La FAF ferme la porte à Xavi Hernández
L'ancien entraîneur du Barça ne figure pas sur la liste des candidats au banc des Verts. Un choix qui interroge, au moment où la fédération dit viser l'école espagnole.
Le nom faisait rêver une partie des supporters, la fédération a tranché. Selon Fennec Football, la FAF a définitivement fermé la porte à Xavi Hernández : l'ancien entraîneur du FC Barcelone ne figure pas sur la liste des candidats examinés pour succéder à Vladimir Petkovic. Une décision qui ne manque pas de sel au moment où la même institution affiche, selon DzFoot, sa préférence pour un technicien issu de l'école espagnole. Viser l'école du champion du monde, mais pas son élève le plus célèbre disponible : le paradoxe mérite décryptage.
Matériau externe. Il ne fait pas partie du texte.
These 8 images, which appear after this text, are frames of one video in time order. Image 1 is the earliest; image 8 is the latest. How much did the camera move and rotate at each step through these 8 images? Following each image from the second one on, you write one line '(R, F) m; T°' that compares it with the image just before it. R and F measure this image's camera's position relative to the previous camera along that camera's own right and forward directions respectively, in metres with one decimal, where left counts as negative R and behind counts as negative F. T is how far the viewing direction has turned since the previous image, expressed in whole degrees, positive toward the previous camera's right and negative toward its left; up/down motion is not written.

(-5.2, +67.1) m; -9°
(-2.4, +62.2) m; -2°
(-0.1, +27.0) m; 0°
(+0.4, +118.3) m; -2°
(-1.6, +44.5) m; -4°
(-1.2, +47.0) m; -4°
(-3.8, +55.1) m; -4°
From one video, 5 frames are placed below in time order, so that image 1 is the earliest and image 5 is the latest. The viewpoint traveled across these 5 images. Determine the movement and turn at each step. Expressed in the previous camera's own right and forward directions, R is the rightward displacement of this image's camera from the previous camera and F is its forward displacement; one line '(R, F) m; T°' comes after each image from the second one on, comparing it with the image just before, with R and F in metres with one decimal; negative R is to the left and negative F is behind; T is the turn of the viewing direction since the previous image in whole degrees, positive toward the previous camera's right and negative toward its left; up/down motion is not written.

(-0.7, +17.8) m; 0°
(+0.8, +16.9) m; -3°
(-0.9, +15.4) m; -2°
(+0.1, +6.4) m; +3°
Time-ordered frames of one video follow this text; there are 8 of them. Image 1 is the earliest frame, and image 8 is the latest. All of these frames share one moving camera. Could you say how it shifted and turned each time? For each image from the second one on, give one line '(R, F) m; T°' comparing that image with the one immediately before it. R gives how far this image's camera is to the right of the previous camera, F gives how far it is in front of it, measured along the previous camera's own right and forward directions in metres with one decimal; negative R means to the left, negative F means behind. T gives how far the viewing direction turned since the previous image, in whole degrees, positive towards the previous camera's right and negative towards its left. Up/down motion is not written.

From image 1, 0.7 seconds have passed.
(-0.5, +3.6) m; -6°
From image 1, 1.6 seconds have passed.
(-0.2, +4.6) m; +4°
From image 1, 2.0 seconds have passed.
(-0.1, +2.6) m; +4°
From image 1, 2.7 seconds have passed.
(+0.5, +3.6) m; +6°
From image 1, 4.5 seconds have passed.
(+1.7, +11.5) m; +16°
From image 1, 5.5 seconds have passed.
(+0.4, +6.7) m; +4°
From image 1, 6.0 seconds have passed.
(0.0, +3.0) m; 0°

Pourquoi ce refus peut se comprendre
Commençons par les arguments de la raison, car ils existent. Un profil comme Xavi, c'est d'abord un coût salarial de superstar que les finances fédérales, tout juste soulagées d'une résiliation négociée à trois mois de salaire, ne peuvent probablement pas assumer. C'est ensuite un pari sportif discuté : son passage au Barça a laissé un bilan contrasté, un titre de champion mais une fin de cycle houleuse, et aucune expérience du football africain, de ses déplacements piégeux et de ses réalités logistiques que tant de grands noms ont sous-estimées avant lui. C'est enfin une question de calendrier : la Zambie arrive le 21 septembre, et les négociations avec une star de cette dimension prennent des semaines que personne n'a. Et soyons francs : l'Algérie a besoin d'un sélectionneur au travail le 15 août, pas d'un feuilleton de plus.
Ce que ce choix révèle de la short-list
En creux, cette élimination dessine le profil réellement recherché : un technicien de l'école espagnole au sens méthodologique, formé aux principes de jeu de position, mais d'un calibre salarial et d'un tempérament compatibles avec le projet algérien. Le vivier existe, des adjoints des grandes maisons ibériques aux entraîneurs ayant exporté la méthode en sélection. La FAF semble chercher la doctrine sans la célébrité, le contenu sans le vedettariat. Une chose est certaine : après l'expérience d'un nom ronflant jamais vraiment connecté au pays, la fédération privilégie cette fois le projet à l'affiche.
Le risque de l'entre-deux
Reste une interrogation légitime : à force d'écarter les pistes, locale, française, puis les grands noms, la FAF se laisse-t-elle encore assez d'options de qualité ? Le temps presse, la concurrence des bancs libres joue contre elle, et l'histoire du football algérien regorge de recherches de compromis conclues par des choix par défaut. Le comité technique, qui examine les candidatures, devra prouver que cette méthode d'élimination aboutit à une conviction, pas à un reste.
Le verdict approche
Entre la piste espagnole assumée, le staff algérien déjà structuré autour d'Antar Yahia et un calendrier impitoyable, les prochains jours devraient livrer le nom tant attendu. Le jour où il tombera, la question ne sera pas de savoir s'il est plus prestigieux que Xavi, mais s'il est plus adapté. C'est toute la nuance entre recruter un nom et choisir un sélectionneur. La FAF vient au moins de montrer qu'elle connaît la différence. Reste à le prouver.